Lol I mean hey if that's how you feel about it I can't knock ya. Me personally I don't really care as long as it doesn't go overboard with some QT making out with Allie shit or Allie saying that she's pregnant with his baby like the Maria and Mike Kanellis thing.


----------



## Geeee (Aug 9, 2010)

Chip Chipperson said:


> Is AEW really doing a cuck angle on television?


The only good thing that could come out of this angle is that Eddie Kingston vs Dustin would make for some interesting promos. Setting the record for number of times the word "family" is used?


----------



## LifeInCattleClass (Dec 21, 2010)

Blade is not a cuck

his wife has left him to be beside somebody else for reasons

he’s not been shown to enjoy this at all - quite the opposite in the last 2 weeks


----------



## bdon (Nov 12, 2019)

LifeInCattleClass said:


> Blade is not a cuck
> 
> his wife has left him to be beside somebody else for reasons
> 
> he’s not been shown to enjoy this at all - quite the opposite in the last 2 weeks


When was Rusev shown to enjoy Lana’s bullshit? Braxton Sutter is forced to abide by watching his wife play grab ass with another man.

And don’t fucking pretend that she left him in kayfabe, because there was not one goddamn mention of why she was with QT Marshall. So, in kayfabe she just randomly was no longer The Bunny.

It’s either a goddamn low-life son-of-a-bitch that wrote the angle, playing with Braxton Sutter’s real life significant other, OR it was Braxton Sutter coming up with the idea making him a cuck.

We all know whose goddamn idea it was, even if only @Chip Chipperson is willing to say it.


----------



## LifeInCattleClass (Dec 21, 2010)

bdon said:


> When was Rusev shown to enjoy Lana’s bullshit? Didn’t change the fact it was a cuck storyline.


i
do
not
watch
wwe


----------



## RiverFenix (Dec 10, 2011)

Depends on if Allie and Braxton are still otherwise married and not separated, living apart and in the process of divorce. 

Were they kayfabe married? Or was Allie attacked by Nightmare Collective and out of fear when back to her scumbag ex and his friend for protection and to get revenge and then after awhile that need faded and she broke up with him again and started looking to date other people?

I mean QT Marshall is real life married - she might have even been referenced in those DARK "unwanted to undisputed" promo's they used to have. 

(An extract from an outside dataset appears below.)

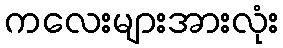
ကလေးများအားလုံး
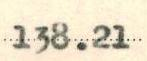
138.21

We don't know enough about the Allie/Blade kayfabe relationship to really be able to read anything or know anything.


----------



## bdon (Nov 12, 2019)

LifeInCattleClass said:


> i
> do
> not
> watch
> wwe


I damn sure don’t watch WWE, but we’re on a goddamn wrestling message board. We hear and read enough on here to know what is going on in the world of professional wrestling.


----------



## LifeInCattleClass (Dec 21, 2010)

bdon said:


> I damn sure don’t watch WWE, but we’re on a goddamn wrestling message board. We hear and read enough on here to know what is going on in the world of professional wrestling.


i
do
not read
anything 
about
wwe
i
don’t
care


----------



## One Shed (Jan 7, 2014)

It is a really stupid angle regardless of how it started and is EXACTLY something Vince would do.


----------



## bdon (Nov 12, 2019)

Lheurch said:


> It is a really stupid angle regardless of how it started and is EXACTLY something Vince would do.


Bingo. It is stupid and right up the low-life motherfucker, Vince McMahon’s alley.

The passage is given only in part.